» **The problem**
Lines holding the word "http" in the following material must be counted; give only the resulting number.

^^^^^^^^^^^^^^^^

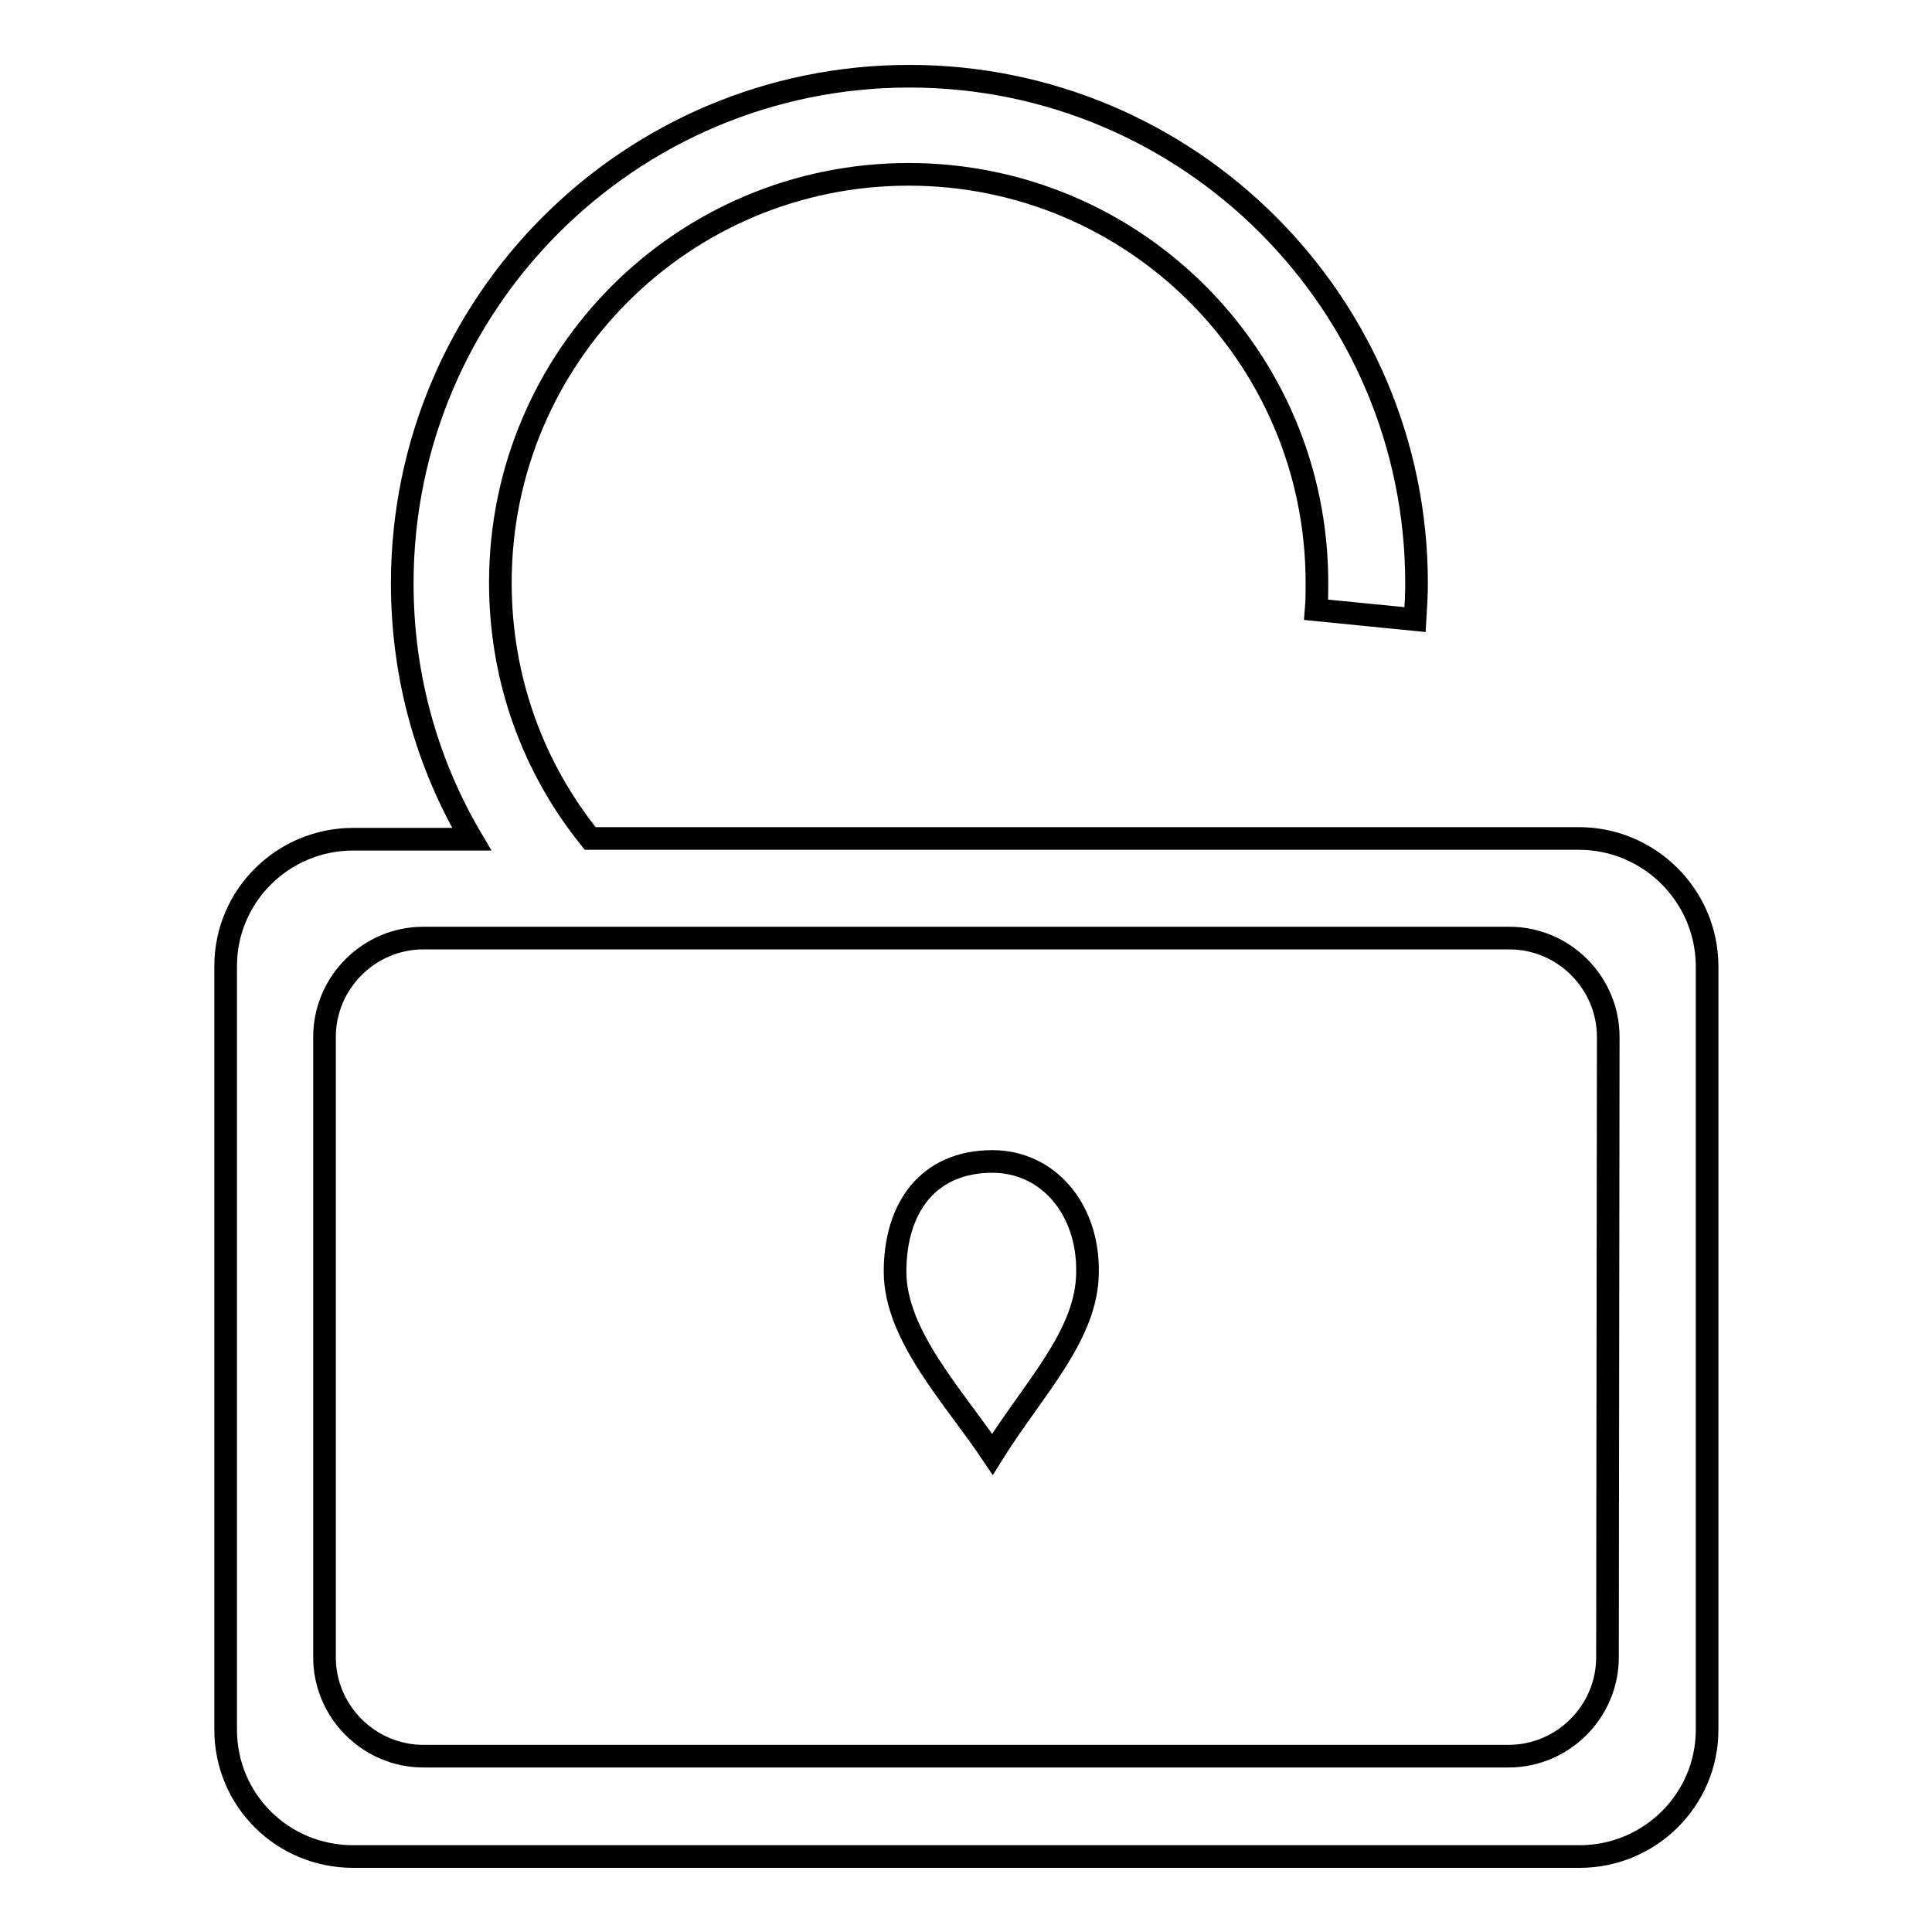 <?xml version="1.0" encoding="utf-8"?>
<!-- Svg Vector Icons : http://www.onlinewebfonts.com/icon -->
<!DOCTYPE svg PUBLIC "-//W3C//DTD SVG 1.1//EN" "http://www.w3.org/Graphics/SVG/1.1/DTD/svg11.dtd">
<svg version="1.1" xmlns="http://www.w3.org/2000/svg" xmlns:xlink="http://www.w3.org/1999/xlink" x="0px" y="0px" viewBox="0 0 256 256" enable-background="new 0 0 256 256" xml:space="preserve">
<g><g><path stroke-width="3" fill-opacity="0" stroke="#000000"  d="M209.2,111.1H78.2c-7.5-9.3-11.9-21-11.9-33.9c0-29.9,24.2-54.1,54.1-54.1s54.1,24.2,54.1,54.1c0,1.2,0,2.4-0.1,3.6l13.1,1.3c0.1-1.6,0.2-3.2,0.2-4.8c0-37.1-30.1-67.2-67.2-67.2c-37.1,0-67.2,30.1-67.2,67.2c0,12.4,3.3,23.9,9.2,33.9H46.8c-9.3,0-16.9,7.5-16.9,16.8v101.2c0,9.3,7.5,16.8,16.9,16.8h162.5c9.3,0,16.9-7.5,16.9-16.8V127.9C226.1,118.6,218.5,111.1,209.2,111.1z M213,219.6c0,7.2-5.9,13.1-13.1,13.1H56.1c-7.2,0-13.1-5.9-13.1-13.1v-82.2c0-7.2,5.9-13.1,13.1-13.1H200c7.2,0,13.1,5.9,13.1,13.1L213,219.6L213,219.6z"/><path stroke-width="3" fill-opacity="0" stroke="#000000"  d="M131.5,153.9c-8.5,0-12.9,6.1-12.9,14.6c0,8.5,7.9,16.7,12.9,24.2c5.5-8.8,12.6-15.8,12.6-24.2C144.2,160.1,138.8,153.9,131.5,153.9z"/></g></g>
</svg>

^^^^^^^^^^^^^^^^

» **Exercise output**
3